Acting as an agent for the DEA and recording several conversations, Jaweed asked Khan Mohammed to buy opium and heroin and to sell it to him, advising him that it was intended for export to the United States. Khan Mohammed agreed and acquired both opium and two kilos of heroin that he duly sold to Jaweed. On learning that the drugs were intended for sale in the United States, Khan Mohammed referred to a "common goal" of eliminating US citizens either "by opium or by shooting." Khan Mohammed also advised Jaweed of his intention to use the profits from the drug sale to buy a car into which missiles could be loaded, and noted he had the same authority as Rahman and the same purpose in attacking the airfield.

In October 2006, the DEA and Afghan authorities arrested Khan Mohammed and he was transferred to the United States to stand trial on drugs charges. In May 2008, Khan Mohammed was convicted of offences of international drug trafficking and drug trafficking with intent to provide financial support to a terrorist at the criminal courts in Washington D.C. He was sentenced to two concurrent life sentences. The conviction was upheld on appeal in September 2012 (United States v Khan Mohammed, 2012).

 

Case Study: Ayman Joumaa network

In January 2011, the US Department of the Treasury's Office of Foreign Assets Control designated members of a drug trafficking and money-laundering network led by Ayman Joumaa as Specially Designated Narcotics Traffickers. In 2011, it was alleged that the network coordinated the transportation and distribution of shipments of cocaine originating from South America and sold in Europe and the Middle East and laundered the proceeds, estimated to be as much as $200 million per month. The proceeds were laundered in various ways, including the purchase of motor vehicles in the United States, which were then shipped to West Africa to be sold, with the proceeds transferred on to Lebanon.

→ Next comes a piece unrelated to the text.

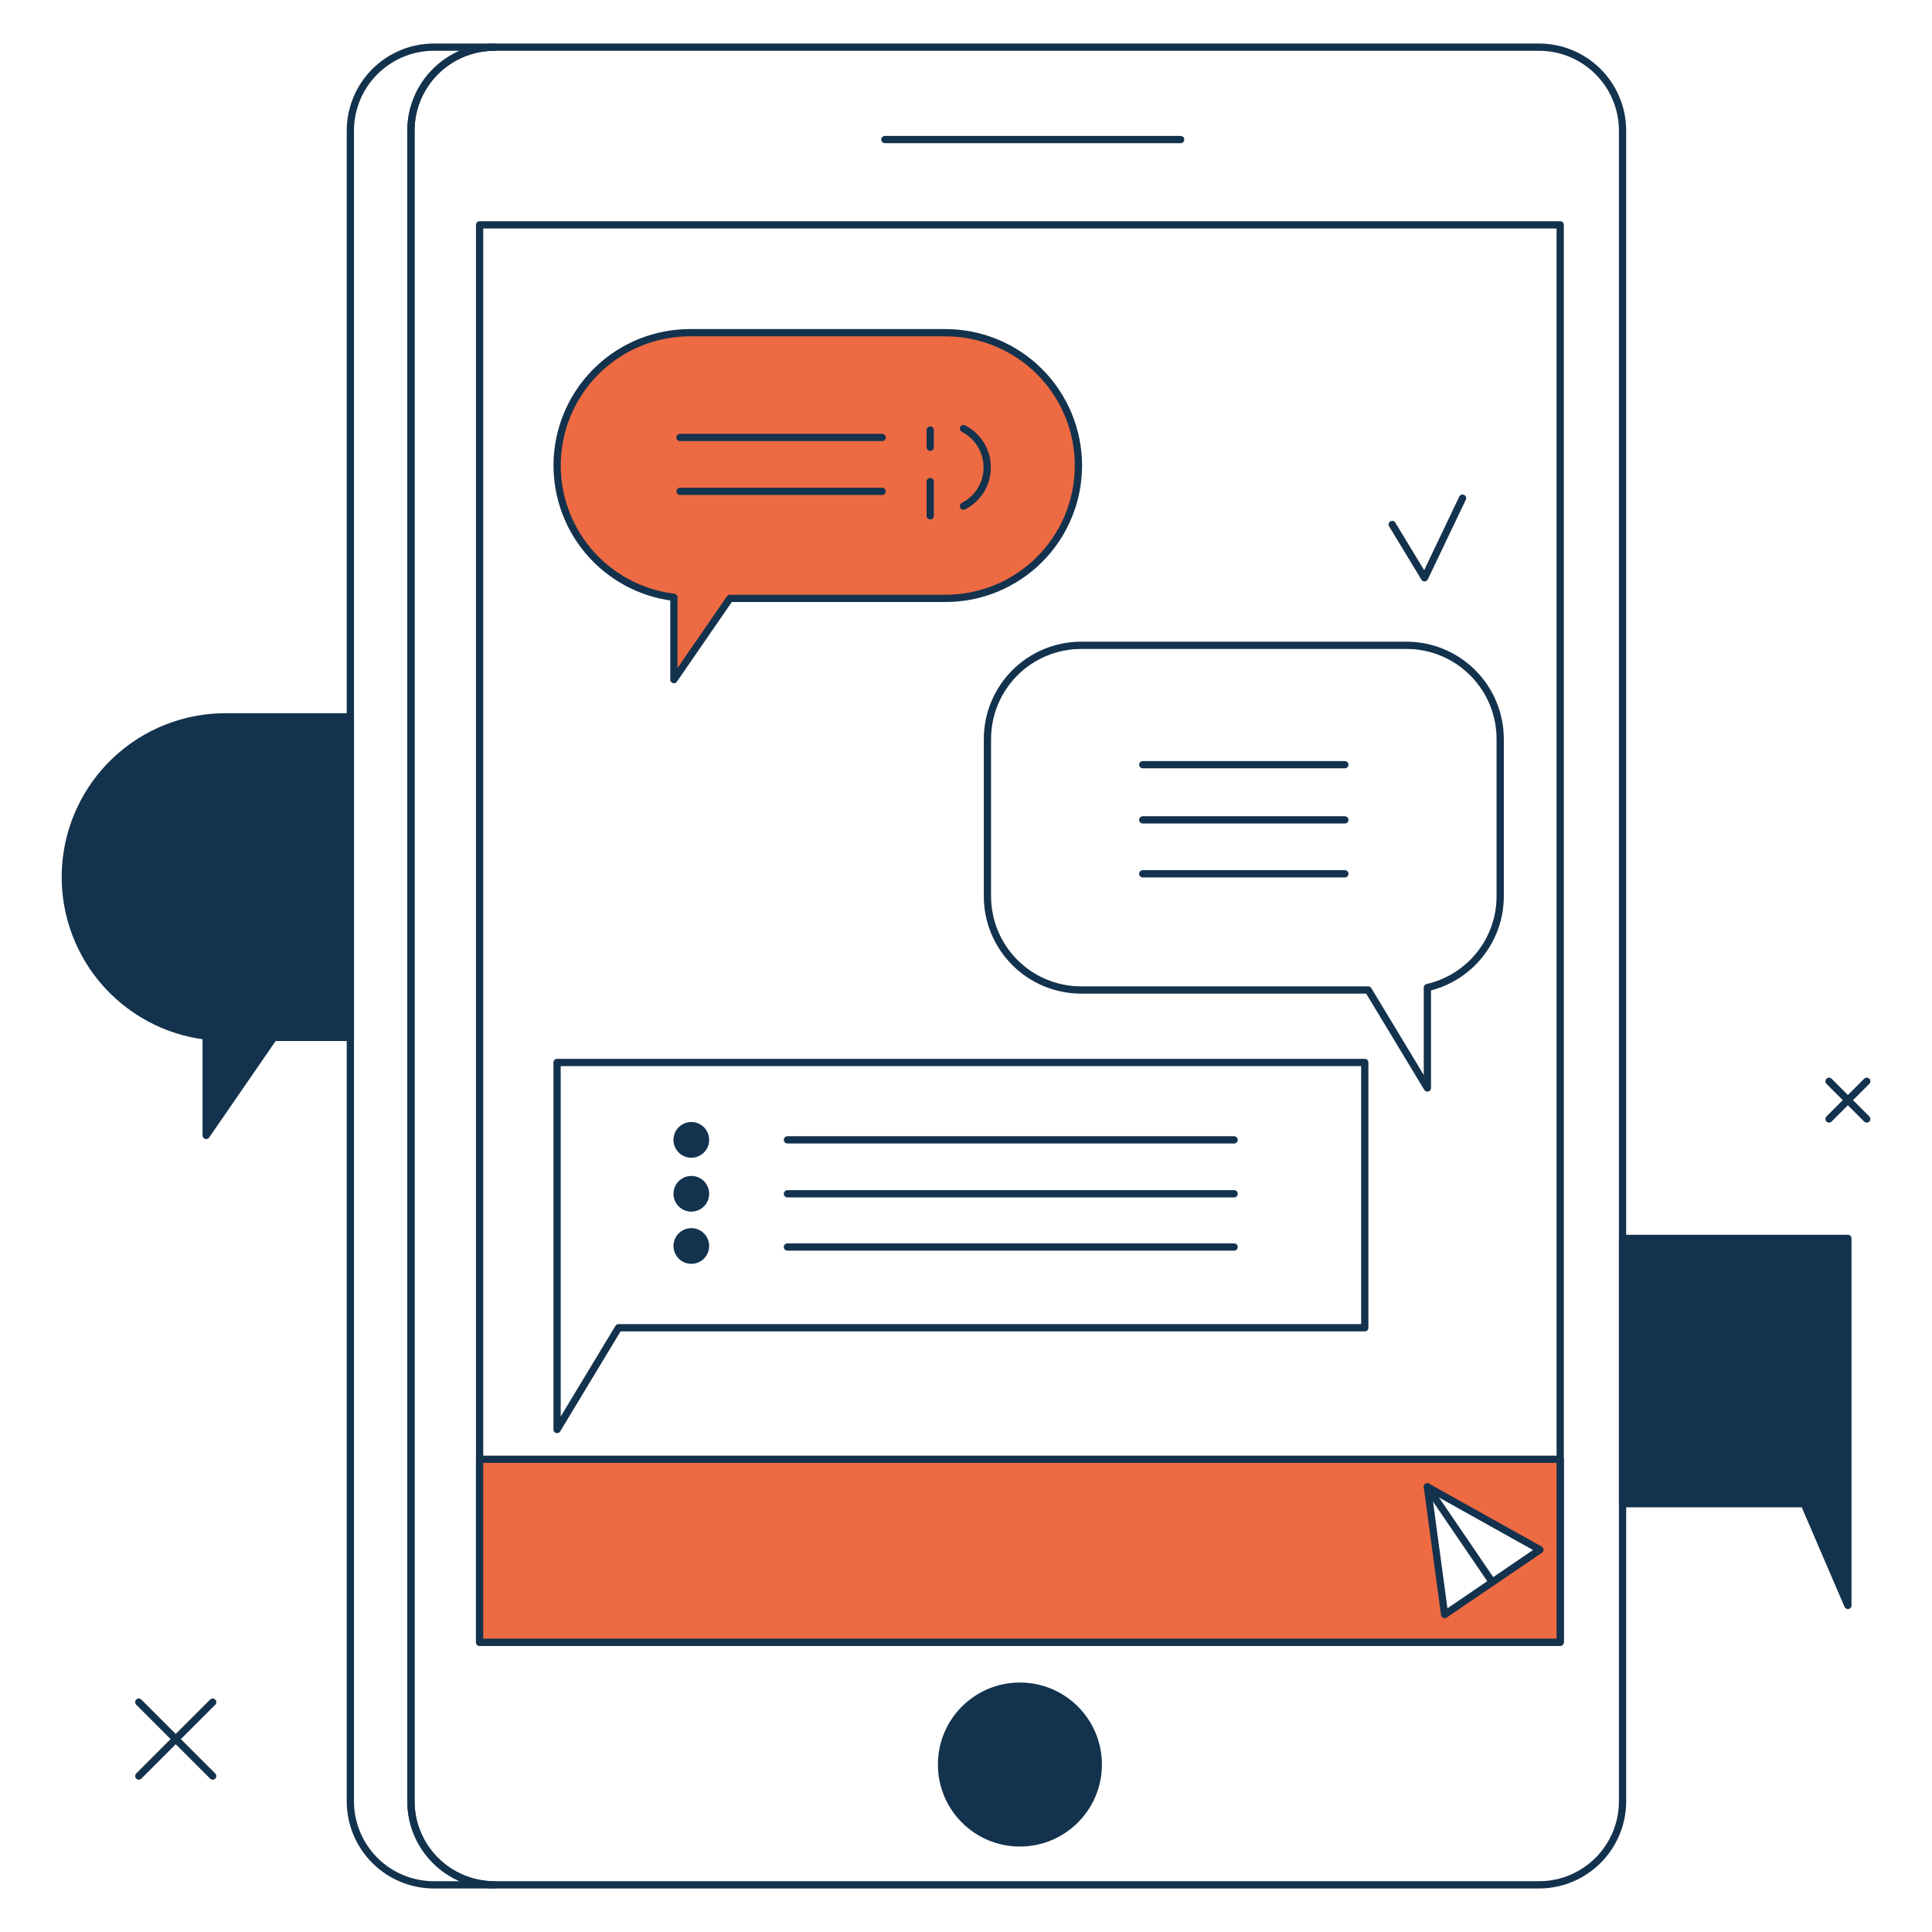 <?xml version="1.0" encoding="UTF-8"?> <svg xmlns="http://www.w3.org/2000/svg" fill="none" viewBox="0.125 0.125 199.75 199.75" height="400" width="400" stroke-width="0.75"><g id="work-chat--work-chat"><g id="chat bubble 1"><path id="Vector" fill="#13324d" d="M36.348 74.239H23.442C19.222 74.238 15.161 75.849 12.088 78.741C9.015 81.633 7.162 85.589 6.907 89.801C6.652 94.013 8.014 98.164 10.715 101.406C13.416 104.648 17.253 106.737 21.442 107.246V117.518L28.429 107.378H36.35L36.348 74.239Z"></path><path id="Vector_2" stroke="#13324d" stroke-linecap="round" stroke-linejoin="round" d="M36.348 74.239H23.442C19.222 74.238 15.161 75.849 12.088 78.741C9.015 81.633 7.162 85.589 6.907 89.801C6.652 94.013 8.014 98.164 10.715 101.406C13.416 104.648 17.253 106.737 21.442 107.246V117.518L28.429 107.378H36.35L36.348 74.239Z"></path></g><g id="chat bubble 2"><path id="Vector_3" stroke="#13324d" stroke-linecap="round" stroke-linejoin="round" d="M167.881 128.163V155.591H186.655L191.179 166.112V128.163H167.881Z"></path><path id="Vector_4" fill="#13324d" d="M167.881 128.163V155.591H186.655L191.179 166.112V128.163H167.881Z"></path></g><g id="tablet"><path id="Vector_5" stroke="#13324d" stroke-linecap="round" stroke-linejoin="round" d="M42.611 186.358V13.642C42.611 11.35 43.521 9.152 45.142 7.531C46.763 5.91 48.961 5 51.253 5H44.989C42.697 5 40.499 5.911 38.879 7.532C37.258 9.152 36.348 11.35 36.348 13.642V186.358C36.348 188.65 37.258 190.848 38.879 192.468C40.499 194.089 42.697 195 44.989 195H51.253C48.961 195 46.763 194.09 45.142 192.469C43.521 190.848 42.611 188.65 42.611 186.358V186.358Z"></path><path id="Vector_6" stroke="#13324d" stroke-linecap="round" stroke-linejoin="round" d="M159.239 5H51.253C46.48 5 42.611 8.869 42.611 13.642V186.358C42.611 191.131 46.48 195 51.253 195H159.239C164.012 195 167.881 191.131 167.881 186.358V13.642C167.881 8.869 164.012 5 159.239 5Z"></path><path id="Vector_7" stroke="#13324d" stroke-linecap="round" stroke-linejoin="round" d="M161.434 23.373H49.711V169.915H161.434V23.373Z"></path><path id="Vector_8" fill="#ed6a43" d="M49.711 151V169.917H161.434V151H49.711ZM149.486 167.061L147.702 153.861L159.336 160.361L149.486 167.061Z"></path><path id="Vector_9" stroke="#13324d" stroke-linecap="round" stroke-linejoin="round" d="M161.434 150.998H49.711V169.916H161.434V150.998Z"></path><path id="Vector_10" fill="#13324d" d="M105.573 190.665C110.049 190.665 113.677 187.037 113.677 182.561C113.677 178.085 110.049 174.457 105.573 174.457C101.097 174.457 97.469 178.085 97.469 182.561C97.469 187.037 101.097 190.665 105.573 190.665Z"></path><path id="Vector_11" stroke="#13324d" stroke-linecap="round" stroke-linejoin="round" d="M105.573 190.665C110.049 190.665 113.677 187.037 113.677 182.561C113.677 178.085 110.049 174.457 105.573 174.457C101.097 174.457 97.469 178.085 97.469 182.561C97.469 187.037 101.097 190.665 105.573 190.665Z"></path><path id="Vector_12" stroke="#13324d" stroke-linecap="round" stroke-linejoin="round" d="M91.614 14.554H122.194"></path></g><g id="send button"><path id="Vector_13" stroke="#13324d" stroke-linecap="round" stroke-linejoin="round" d="M147.702 153.854L149.486 167.059L159.336 160.35L147.702 153.854Z"></path><path id="Vector_14" stroke="#13324d" stroke-linecap="round" stroke-linejoin="round" d="M147.702 153.854L154.411 163.705"></path></g><g id="message 2"><path id="Vector_15" stroke="#13324d" stroke-linecap="round" stroke-linejoin="round" d="M145.539 66.845H111.908C110.635 66.845 109.375 67.096 108.199 67.583C107.023 68.07 105.955 68.784 105.055 69.684C104.155 70.584 103.441 71.652 102.954 72.828C102.467 74.004 102.216 75.264 102.216 76.537V92.789C102.216 95.36 103.237 97.825 105.055 99.642C106.872 101.46 109.338 102.481 111.908 102.481H141.586L147.702 112.613V102.23C149.84 101.741 151.749 100.541 153.117 98.826C154.485 97.111 155.23 94.983 155.231 92.789V76.537C155.231 73.967 154.21 71.501 152.392 69.684C150.575 67.866 148.11 66.845 145.539 66.845V66.845Z"></path><path id="Vector_16" stroke="#13324d" stroke-linecap="round" stroke-linejoin="round" d="M139.171 84.893H118.276"></path><path id="Vector_17" stroke="#13324d" stroke-linecap="round" stroke-linejoin="round" d="M139.171 79.185H118.276"></path><path id="Vector_18" stroke="#13324d" stroke-linecap="round" stroke-linejoin="round" d="M139.171 90.466H118.276"></path></g><g id="message 1"><path id="Vector_19" fill="#ed6a43" d="M97.884 34.523H71.455C67.957 34.523 64.591 35.857 62.045 38.255C59.498 40.652 57.962 43.931 57.751 47.422C57.54 50.913 58.669 54.353 60.908 57.04C63.148 59.727 66.328 61.458 69.8 61.879V70.392L75.591 61.992H97.891C101.533 61.992 105.026 60.545 107.602 57.97C110.177 55.394 111.624 51.901 111.624 48.259C111.624 44.617 110.177 41.124 107.602 38.548C105.026 35.973 101.533 34.526 97.891 34.526L97.884 34.523Z"></path><path id="Vector_20" stroke="#13324d" stroke-linecap="round" stroke-linejoin="round" d="M97.884 34.523H71.455C67.957 34.523 64.591 35.857 62.045 38.255C59.498 40.652 57.962 43.931 57.751 47.422C57.54 50.913 58.669 54.353 60.908 57.04C63.148 59.727 66.328 61.458 69.8 61.879V70.392L75.591 61.992H97.891C101.533 61.992 105.026 60.545 107.602 57.97C110.177 55.394 111.624 51.901 111.624 48.259C111.624 44.617 110.177 41.124 107.602 38.548C105.026 35.973 101.533 34.526 97.891 34.526L97.884 34.523Z"></path><path id="Vector_21" stroke="#13324d" stroke-linecap="round" stroke-linejoin="round" d="M99.737 52.457C100.477 52.08 101.098 51.506 101.531 50.799C101.965 50.091 102.195 49.277 102.195 48.447C102.195 47.617 101.965 46.803 101.531 46.095C101.098 45.388 100.477 44.814 99.737 44.437"></path><path id="Vector_22" stroke="#13324d" stroke-linecap="round" stroke-linejoin="round" d="M91.328 45.352H70.433"></path><path id="Vector_23" stroke="#13324d" stroke-linecap="round" stroke-linejoin="round" d="M91.328 50.926H70.433"></path><path id="Vector_24" stroke="#13324d" stroke-linecap="round" stroke-linejoin="round" d="M96.302 44.591V46.365"></path><path id="Vector_25" stroke="#13324d" stroke-linecap="round" stroke-linejoin="round" d="M96.302 49.913V53.461"></path></g><g id="message 3"><path id="Vector_26" stroke="#13324d" stroke-linecap="round" stroke-linejoin="round" d="M57.722 109.973V147.923L64.073 137.402H141.23V109.973H57.722Z"></path><path id="Vector_27" fill="#13324d" d="M71.6 122.08C71.309 122.08 71.025 122.166 70.783 122.328C70.541 122.49 70.352 122.719 70.241 122.988C70.129 123.257 70.1 123.553 70.157 123.838C70.214 124.123 70.354 124.386 70.56 124.591C70.766 124.797 71.028 124.937 71.313 124.994C71.598 125.051 71.894 125.021 72.163 124.91C72.432 124.799 72.661 124.61 72.823 124.368C72.985 124.126 73.071 123.842 73.071 123.551C73.071 123.161 72.916 122.787 72.64 122.511C72.364 122.235 71.99 122.08 71.6 122.08V122.08Z"></path><path id="Vector_28" stroke="#13324d" stroke-linecap="round" stroke-linejoin="round" d="M71.6 122.08C71.309 122.08 71.025 122.166 70.783 122.328C70.541 122.49 70.352 122.719 70.241 122.988C70.129 123.257 70.1 123.553 70.157 123.838C70.214 124.123 70.354 124.386 70.56 124.591C70.766 124.797 71.028 124.937 71.313 124.994C71.598 125.051 71.894 125.021 72.163 124.91C72.432 124.799 72.661 124.61 72.823 124.368C72.985 124.126 73.071 123.842 73.071 123.551C73.071 123.161 72.916 122.787 72.64 122.511C72.364 122.235 71.99 122.08 71.6 122.08V122.08Z"></path><path id="Vector_29" fill="#13324d" d="M71.6 119.448C72.412 119.448 73.071 118.79 73.071 117.977C73.071 117.165 72.412 116.506 71.6 116.506C70.787 116.506 70.129 117.165 70.129 117.977C70.129 118.79 70.787 119.448 71.6 119.448Z"></path><path id="Vector_30" stroke="#13324d" stroke-linecap="round" stroke-linejoin="round" d="M71.6 119.448C72.412 119.448 73.071 118.79 73.071 117.977C73.071 117.165 72.412 116.506 71.6 116.506C70.787 116.506 70.129 117.165 70.129 117.977C70.129 118.79 70.787 119.448 71.6 119.448Z"></path><path id="Vector_31" fill="#13324d" d="M71.6 127.477C71.309 127.477 71.025 127.563 70.783 127.725C70.541 127.887 70.352 128.116 70.241 128.385C70.129 128.654 70.1 128.95 70.157 129.235C70.214 129.52 70.354 129.782 70.56 129.988C70.766 130.194 71.028 130.334 71.313 130.391C71.598 130.448 71.894 130.418 72.163 130.307C72.432 130.196 72.661 130.007 72.823 129.765C72.985 129.523 73.071 129.239 73.071 128.948C73.071 128.558 72.916 128.184 72.64 127.908C72.364 127.632 71.99 127.477 71.6 127.477Z"></path><path id="Vector_32" stroke="#13324d" stroke-linecap="round" stroke-linejoin="round" d="M71.6 127.477C71.309 127.477 71.025 127.563 70.783 127.725C70.541 127.887 70.352 128.116 70.241 128.385C70.129 128.654 70.1 128.95 70.157 129.235C70.214 129.52 70.354 129.782 70.56 129.988C70.766 130.194 71.028 130.334 71.313 130.391C71.598 130.448 71.894 130.418 72.163 130.307C72.432 130.196 72.661 130.007 72.823 129.765C72.985 129.523 73.071 129.239 73.071 128.948C73.071 128.558 72.916 128.184 72.64 127.908C72.364 127.632 71.99 127.477 71.6 127.477Z"></path><path id="Vector_33" stroke="#13324d" stroke-linecap="round" stroke-linejoin="round" d="M127.721 117.977H81.536"></path><path id="Vector_34" stroke="#13324d" stroke-linecap="round" stroke-linejoin="round" d="M127.721 123.551H81.536"></path><path id="Vector_35" stroke="#13324d" stroke-linecap="round" stroke-linejoin="round" d="M127.721 129.054H81.536"></path></g><g id="elements"><g id="Group"><path id="Vector_36" stroke="#13324d" stroke-linecap="round" stroke-linejoin="round" d="M14.473 176.109L22.115 183.751"></path><path id="Vector_37" stroke="#13324d" stroke-linecap="round" stroke-linejoin="round" d="M14.473 183.751L22.115 176.109"></path></g><g id="Group_2"><path id="Vector_38" stroke="#13324d" stroke-linecap="round" stroke-linejoin="round" d="M189.23 111.919L193.128 115.817"></path><path id="Vector_39" stroke="#13324d" stroke-linecap="round" stroke-linejoin="round" d="M189.23 115.817L193.128 111.919"></path></g><path id="Vector_40" stroke="#13324d" stroke-linecap="round" stroke-linejoin="round" d="M144.066 54.353L147.408 59.865L151.337 51.631"></path></g></g></svg>

The DEA identified over 70 used-car dealerships in the United States strongly suspected of being involved in the conspiracy (Braun, M. 2012).

 

Example Box: Europe

The annual drug market in the European Union is valued at approximately €24.3 billion, and roughly two-thirds of organized criminal groups in Europe are involved in drug trafficking, which is more widespread than any other illicit activity across organized crime in the European Union (EMCDDA estimate as reported in UNODC (a), 2018).

Reports indicate an emerging new crime-terror nexus in Europe, typified by a merging of terrorist and criminal milieus in Europe with both terrorist and criminal groups recruiting individuals from the same pool of people with similar social networks. According to these researches, up to 40% of terrorist plots in Europe are part-financed by means of "petty crime" involving, in particular, drug-dealing. Between 2011 and 2016, 79 people identified as "European jihadists" with criminal pasts were involved with drug trafficking (Basra, Neumann, & Brunner, 2016). Highlighting this link, it is worth noting that the March 2004 terrorist attacks on the Madrid train system were reportedly financed by sales of hashish and ecstasy. Furthermore, the assailants left 52,000 euros and drugs with a street value of 1.5 million in their apartment after purchasing explosives and materials for the attacks.

Later, in December 2008, Hicham Ahmidan was sentenced to ten years in prison in Morocco for his involvement in the Madrid bombings, where he was already serving a five-year term for international drug trafficking. In a similar vein, Amedy Coulibaly, who carried out a series of terrorist attacks in Paris in January 2015, was previously convicted of drug trafficking offences and had been selling drugs a month before the attacks (Basra, Neumann & Brunner, 2016).